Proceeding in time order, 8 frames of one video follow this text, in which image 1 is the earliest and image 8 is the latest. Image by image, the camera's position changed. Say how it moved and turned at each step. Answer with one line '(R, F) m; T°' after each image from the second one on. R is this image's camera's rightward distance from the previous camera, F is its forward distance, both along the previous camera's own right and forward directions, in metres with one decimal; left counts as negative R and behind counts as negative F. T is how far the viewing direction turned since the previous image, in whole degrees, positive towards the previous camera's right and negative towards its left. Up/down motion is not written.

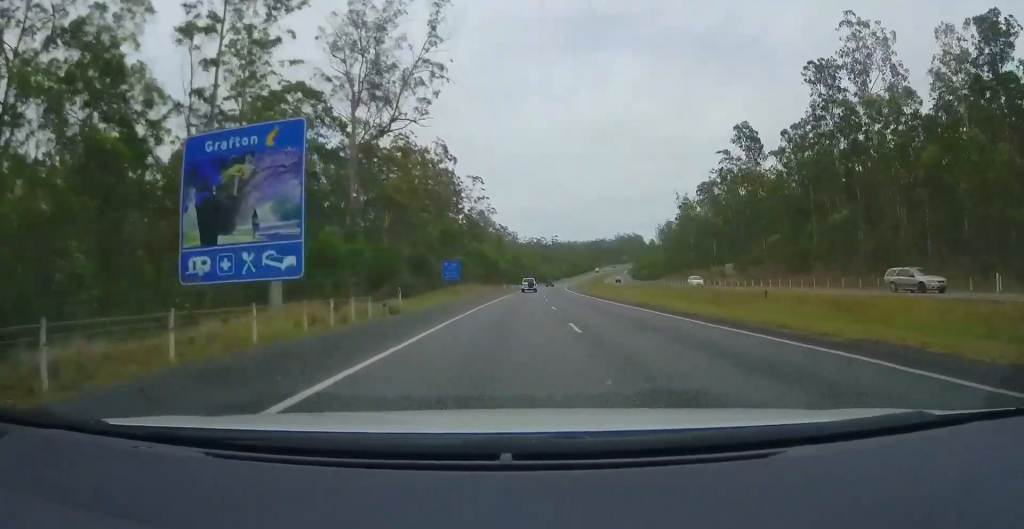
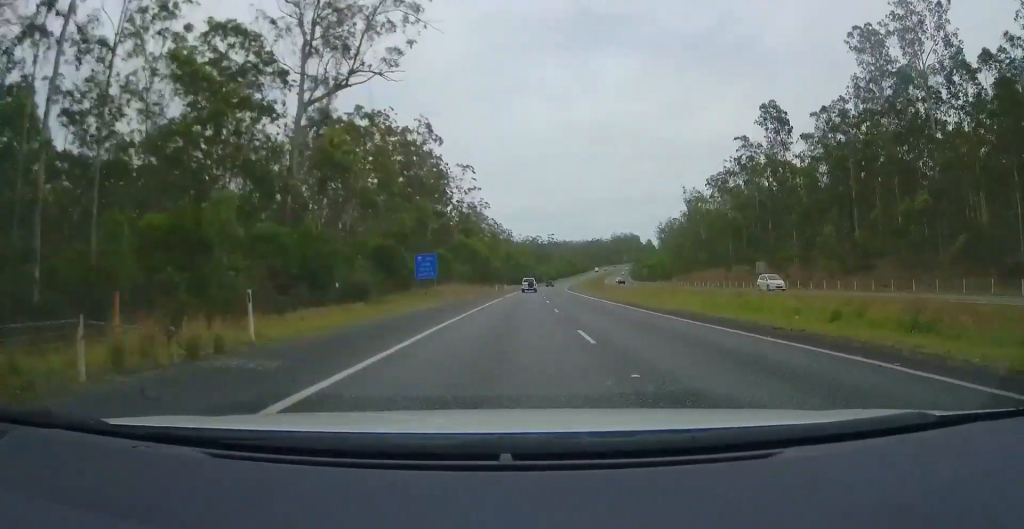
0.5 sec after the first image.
(+0.1, +14.5) m; +1°
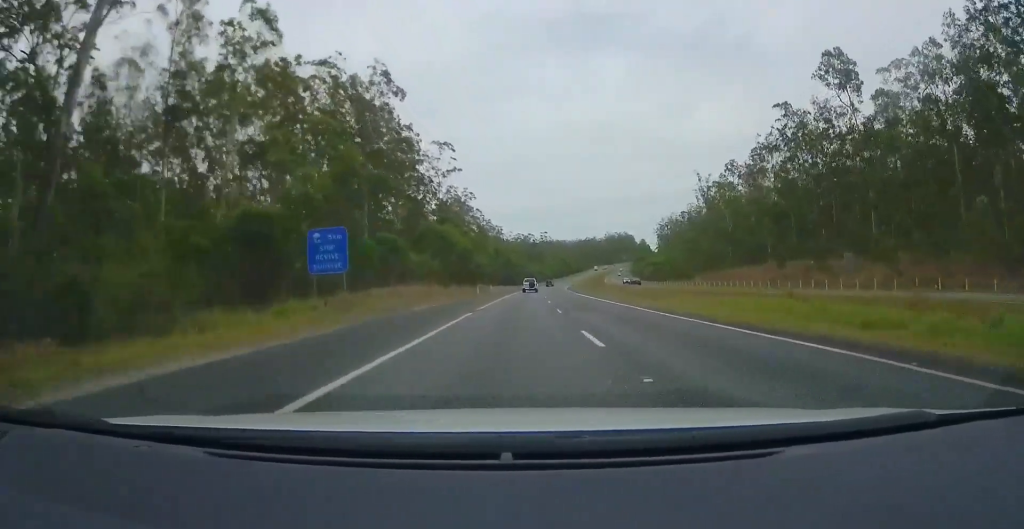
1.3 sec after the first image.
(+0.1, +24.2) m; +1°
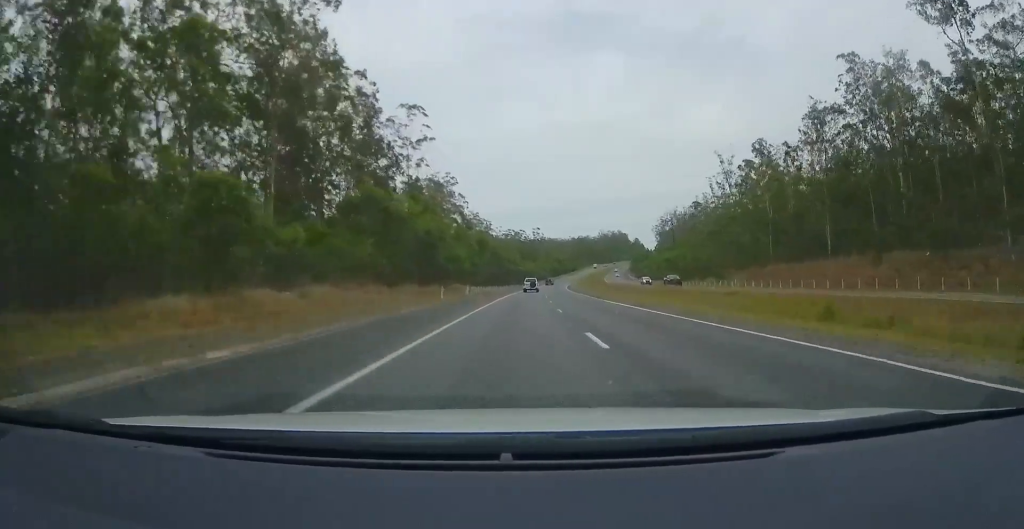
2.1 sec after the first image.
(+0.5, +24.2) m; +1°
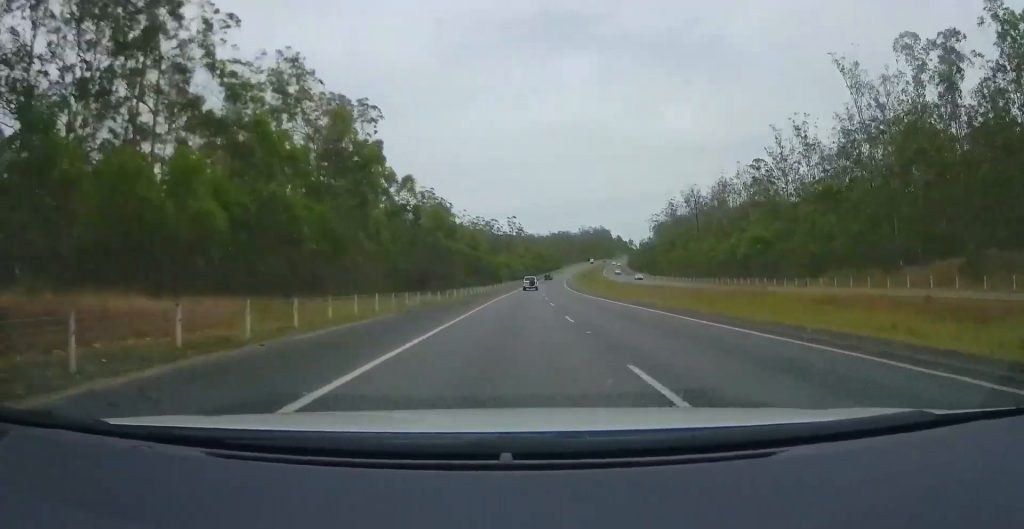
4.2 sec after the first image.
(+1.9, +63.8) m; +3°
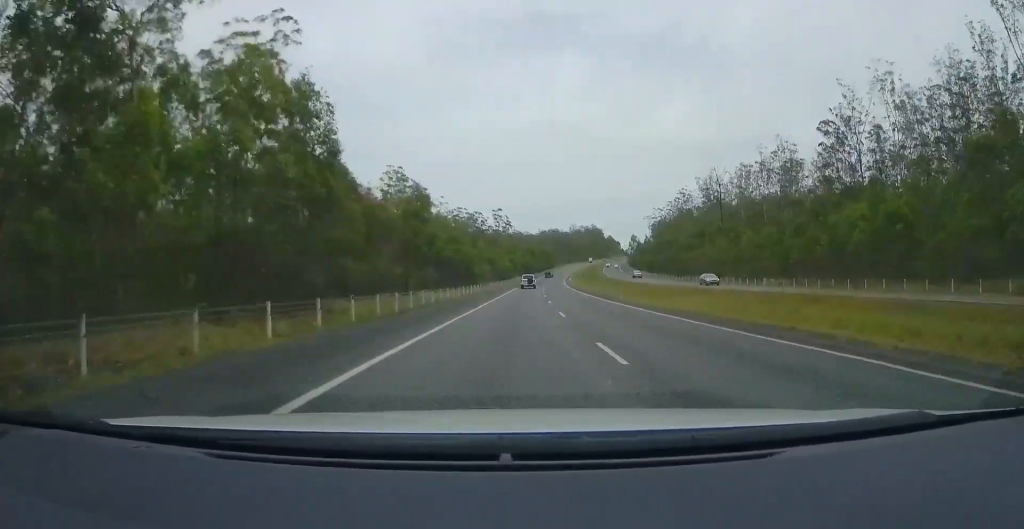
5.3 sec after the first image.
(-0.4, +32.6) m; 0°
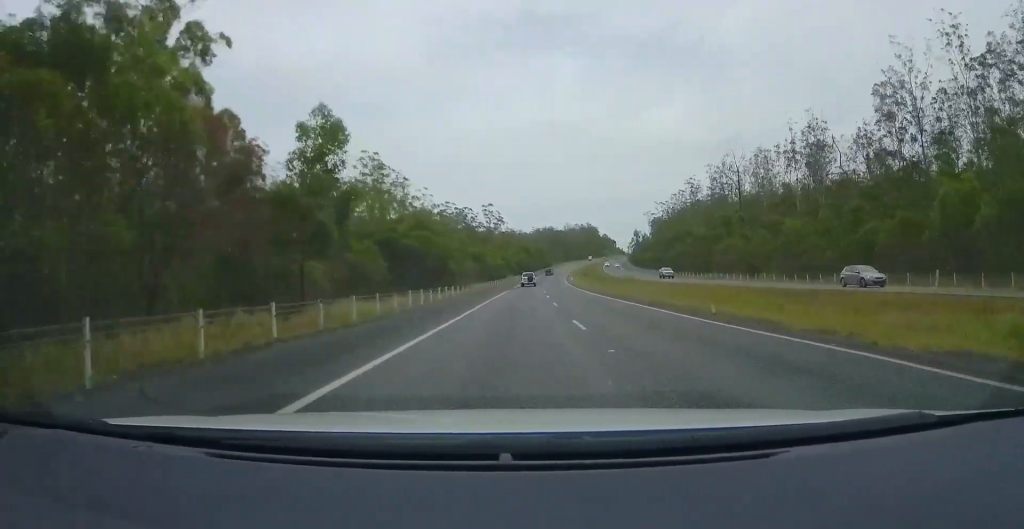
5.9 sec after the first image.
(+0.1, +18.2) m; +1°
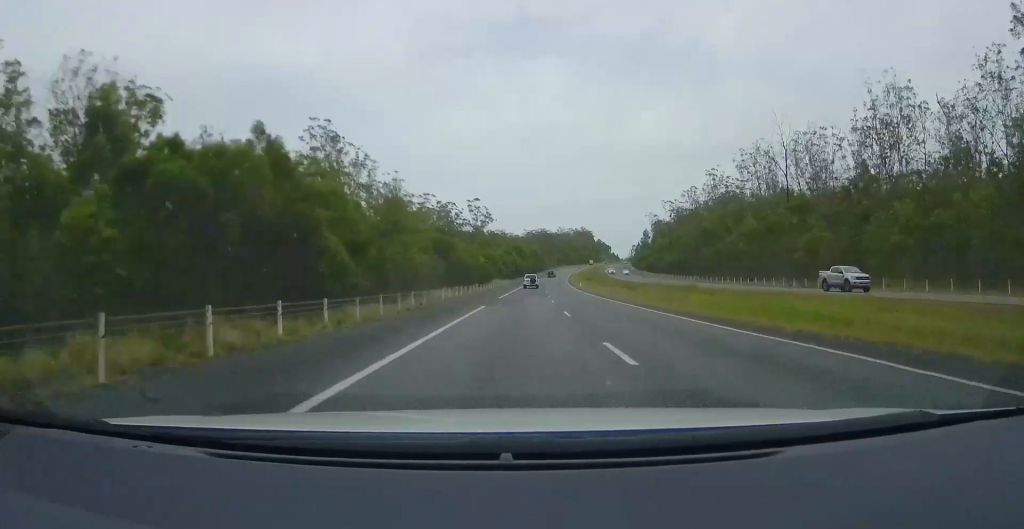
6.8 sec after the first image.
(+0.5, +29.1) m; +2°
════
- Problem details: With the pictures removed, please retype each record exactly.

- Task output:
Proceeding in time order, 8 frames of one video follow this text, in which image 1 is the earliest and image 8 is the latest. Image by image, the camera's position changed. Say how it moved and turned at each step. Answer with one line '(R, F) m; T°' after each image from the second one on. R is this image's camera's rightward distance from the previous camera, F is its forward distance, both along the previous camera's own right and forward directions, in metres with one decimal; left counts as negative R and behind counts as negative F. T is how far the viewing direction turned since the previous image, in whole degrees, positive towards the previous camera's right and negative towards its left. Up/down motion is not written.

0.5 sec after the first image.
(+0.1, +14.5) m; +1°
1.3 sec after the first image.
(+0.1, +24.2) m; +1°
2.1 sec after the first image.
(+0.5, +24.2) m; +1°
4.2 sec after the first image.
(+1.9, +63.8) m; +3°
5.3 sec after the first image.
(-0.4, +32.6) m; 0°
5.9 sec after the first image.
(+0.1, +18.2) m; +1°
6.8 sec after the first image.
(+0.5, +29.1) m; +2°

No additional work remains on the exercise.